Берта не сводила глаз с побледневшего Октава; его перекошенное лицо так изменилось, что ей стало страшно.
– Да они друг друга стоят, – продолжала Лиза. – Она тоже хороша штучка. Невоспитанная, бессердечная, на все ей наплевать, лишь бы самой было приятно, и живет она с ним ради денег, да, да, только ради денег, уж я-то в этих делах разбираюсь! Могу поручиться, что она не получает от мужчины никакого удовольствия!
Слезы брызнули из глаз Берты. Октав заметил, что лицо ее исказилось. Они стояли друг против друга с таким видом, словно их раздели догола, содрали с них кожу, не дав им сказать ни слова в свое оправдание. Молодая женщина, захлебываясь от бившей в нее зловонной струи, решилась бежать. Октав не удерживал ее; для них было пыткой даже стоять рядом, такое отвращение испытывали они к самим себе; они стремились поскорее расстаться, чтобы наконец свободно вздохнуть.
– Ты обещала, не забудь, – в следующий вторник, у меня.
– Да, да.
И она опрометью убежала. Октав остался один, переминаясь с ноги на ногу, делая бесцельные движения руками, пытаясь уложить принесенное с собой белье. Он уже не прислушивался к тому, что говорили служанки, но вдруг одна фраза заставила его круто обернуться.

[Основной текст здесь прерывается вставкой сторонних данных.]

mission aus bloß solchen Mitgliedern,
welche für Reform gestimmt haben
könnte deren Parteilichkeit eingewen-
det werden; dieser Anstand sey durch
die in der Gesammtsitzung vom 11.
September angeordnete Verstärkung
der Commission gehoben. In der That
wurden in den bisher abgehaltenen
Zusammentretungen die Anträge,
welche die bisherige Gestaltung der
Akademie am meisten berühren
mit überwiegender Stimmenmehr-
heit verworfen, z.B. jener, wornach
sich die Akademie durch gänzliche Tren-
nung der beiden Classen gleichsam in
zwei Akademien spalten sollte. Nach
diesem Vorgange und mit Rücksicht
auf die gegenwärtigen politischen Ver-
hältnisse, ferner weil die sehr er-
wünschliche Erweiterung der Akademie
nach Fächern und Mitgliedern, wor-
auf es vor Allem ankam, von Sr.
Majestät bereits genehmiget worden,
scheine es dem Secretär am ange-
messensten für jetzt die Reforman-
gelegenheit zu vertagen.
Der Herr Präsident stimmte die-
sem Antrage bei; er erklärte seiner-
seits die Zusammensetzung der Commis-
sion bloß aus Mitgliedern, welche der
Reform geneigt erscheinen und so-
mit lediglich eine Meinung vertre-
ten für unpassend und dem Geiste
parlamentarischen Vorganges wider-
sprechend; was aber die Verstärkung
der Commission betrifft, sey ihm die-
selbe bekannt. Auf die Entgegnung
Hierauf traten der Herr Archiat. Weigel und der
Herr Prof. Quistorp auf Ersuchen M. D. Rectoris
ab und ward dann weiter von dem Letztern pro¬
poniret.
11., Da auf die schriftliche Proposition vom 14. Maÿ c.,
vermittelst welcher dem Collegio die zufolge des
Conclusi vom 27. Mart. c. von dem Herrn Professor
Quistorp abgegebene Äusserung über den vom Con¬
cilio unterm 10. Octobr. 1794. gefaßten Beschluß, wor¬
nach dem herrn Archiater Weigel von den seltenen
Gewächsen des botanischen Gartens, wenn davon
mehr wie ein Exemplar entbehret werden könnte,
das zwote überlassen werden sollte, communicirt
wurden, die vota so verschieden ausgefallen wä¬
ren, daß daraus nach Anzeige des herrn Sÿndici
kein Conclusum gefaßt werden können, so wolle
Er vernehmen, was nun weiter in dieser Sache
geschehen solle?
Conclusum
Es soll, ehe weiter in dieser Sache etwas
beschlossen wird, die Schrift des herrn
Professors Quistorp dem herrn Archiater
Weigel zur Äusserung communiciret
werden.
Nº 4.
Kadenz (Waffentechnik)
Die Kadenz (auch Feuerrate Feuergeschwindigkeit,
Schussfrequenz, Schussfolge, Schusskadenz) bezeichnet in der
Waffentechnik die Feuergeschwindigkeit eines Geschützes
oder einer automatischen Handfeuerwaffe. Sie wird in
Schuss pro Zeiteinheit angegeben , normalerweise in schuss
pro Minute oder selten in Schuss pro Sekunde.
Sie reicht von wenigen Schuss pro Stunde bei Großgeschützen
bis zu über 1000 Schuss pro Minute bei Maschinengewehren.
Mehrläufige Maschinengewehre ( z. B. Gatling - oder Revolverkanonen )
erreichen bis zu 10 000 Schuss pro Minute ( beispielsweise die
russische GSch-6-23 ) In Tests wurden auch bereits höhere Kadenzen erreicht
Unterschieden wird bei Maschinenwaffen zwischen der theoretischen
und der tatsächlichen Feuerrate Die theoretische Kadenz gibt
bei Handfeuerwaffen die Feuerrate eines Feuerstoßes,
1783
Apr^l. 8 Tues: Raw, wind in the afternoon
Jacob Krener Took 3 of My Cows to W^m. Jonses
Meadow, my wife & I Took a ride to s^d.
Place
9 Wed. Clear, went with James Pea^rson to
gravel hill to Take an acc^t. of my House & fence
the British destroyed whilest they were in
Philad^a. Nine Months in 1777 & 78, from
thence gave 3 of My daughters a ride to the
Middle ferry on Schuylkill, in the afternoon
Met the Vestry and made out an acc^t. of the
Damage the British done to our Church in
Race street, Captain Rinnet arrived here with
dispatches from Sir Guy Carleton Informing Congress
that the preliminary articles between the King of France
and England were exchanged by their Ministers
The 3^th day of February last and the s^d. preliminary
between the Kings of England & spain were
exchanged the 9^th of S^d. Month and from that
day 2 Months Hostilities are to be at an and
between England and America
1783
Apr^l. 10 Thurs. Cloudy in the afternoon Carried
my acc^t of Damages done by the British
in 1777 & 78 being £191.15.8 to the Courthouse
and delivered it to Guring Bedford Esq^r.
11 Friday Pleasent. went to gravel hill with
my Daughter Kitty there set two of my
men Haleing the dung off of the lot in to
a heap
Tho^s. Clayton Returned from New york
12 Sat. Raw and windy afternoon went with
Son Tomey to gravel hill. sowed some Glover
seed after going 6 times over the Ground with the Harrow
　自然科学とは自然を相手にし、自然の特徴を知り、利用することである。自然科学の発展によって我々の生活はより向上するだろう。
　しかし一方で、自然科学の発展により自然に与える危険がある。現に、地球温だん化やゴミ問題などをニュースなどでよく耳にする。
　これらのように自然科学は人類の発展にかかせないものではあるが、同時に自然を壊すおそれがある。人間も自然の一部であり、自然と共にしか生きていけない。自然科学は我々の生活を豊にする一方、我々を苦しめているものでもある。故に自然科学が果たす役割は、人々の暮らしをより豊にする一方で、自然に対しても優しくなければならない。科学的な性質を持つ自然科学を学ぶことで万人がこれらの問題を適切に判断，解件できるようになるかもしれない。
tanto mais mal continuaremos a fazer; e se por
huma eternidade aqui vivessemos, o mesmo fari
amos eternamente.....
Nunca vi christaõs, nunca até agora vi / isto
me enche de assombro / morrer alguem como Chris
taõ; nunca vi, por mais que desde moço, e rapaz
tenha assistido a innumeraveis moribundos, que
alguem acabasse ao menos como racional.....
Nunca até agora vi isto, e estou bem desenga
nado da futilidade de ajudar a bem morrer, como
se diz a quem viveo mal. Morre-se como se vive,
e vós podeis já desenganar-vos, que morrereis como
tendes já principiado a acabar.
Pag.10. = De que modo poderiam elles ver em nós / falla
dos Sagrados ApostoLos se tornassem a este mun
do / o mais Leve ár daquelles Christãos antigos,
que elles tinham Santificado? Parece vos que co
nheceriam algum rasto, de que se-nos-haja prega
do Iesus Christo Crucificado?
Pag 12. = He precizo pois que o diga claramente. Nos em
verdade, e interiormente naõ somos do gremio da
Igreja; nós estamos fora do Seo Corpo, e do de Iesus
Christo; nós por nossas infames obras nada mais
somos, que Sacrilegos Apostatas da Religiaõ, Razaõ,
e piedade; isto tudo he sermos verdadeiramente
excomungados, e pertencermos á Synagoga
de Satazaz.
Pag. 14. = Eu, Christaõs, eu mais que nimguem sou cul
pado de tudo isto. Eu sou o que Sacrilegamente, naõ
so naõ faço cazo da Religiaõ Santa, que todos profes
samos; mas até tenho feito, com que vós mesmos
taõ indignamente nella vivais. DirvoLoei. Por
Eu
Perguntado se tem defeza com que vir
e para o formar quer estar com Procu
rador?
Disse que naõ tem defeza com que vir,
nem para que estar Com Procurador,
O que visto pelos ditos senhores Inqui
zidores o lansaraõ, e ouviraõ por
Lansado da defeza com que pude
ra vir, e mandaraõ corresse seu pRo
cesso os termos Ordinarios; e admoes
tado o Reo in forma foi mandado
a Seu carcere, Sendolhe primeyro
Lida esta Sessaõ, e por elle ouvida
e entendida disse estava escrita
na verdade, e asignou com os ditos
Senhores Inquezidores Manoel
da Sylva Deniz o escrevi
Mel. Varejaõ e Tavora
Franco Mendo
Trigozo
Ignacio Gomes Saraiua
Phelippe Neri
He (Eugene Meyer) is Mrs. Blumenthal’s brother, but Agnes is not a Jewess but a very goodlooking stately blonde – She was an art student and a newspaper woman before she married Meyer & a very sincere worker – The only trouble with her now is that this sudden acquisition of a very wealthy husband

– А я вам говорю, что господин Эдуэн умер вчера вечером… Если б красавчик Октав знал это заранее, он бы до сих пор терся возле госпожи Эдуэн – денежки-то ведь все у нее.
Эта новость, услышанная здесь, в мерзкой клоаке, потрясла его до глубины души. Господин Эдуэн умер! Безумное сожаление охватило Октава.
– Ну и глупость же я сделал, однако! – не удержавшись, подумал он вслух.
Спускаясь, наконец, по лестнице со свертком белья, он встретил Рашель, которая поднималась к себе. Еще несколько минут – и она застала бы их. Служанка только что нашла Берту опять в слезах, но на этот раз ей не удалось вытянуть из своей хозяйки ничего, ни одного признания, ни гроша. Рашель рассвирепела, поняв, что они воспользовались ее отсутствием для встречи и таким образом облапошили ее.
Она бросила на молодого человека злобный взгляд, полный скрытой угрозы. Какая-то странная мальчишеская робость помешала Октаву дать ей десять франков; желая показать ей свою полную независимость, он зашел поболтать к Мари. Донесшееся вдруг из угла комнаты глухое ворчание заставило его обернуться. Это был Сатюрнен, с которым случился один из его обычных припадков ревности.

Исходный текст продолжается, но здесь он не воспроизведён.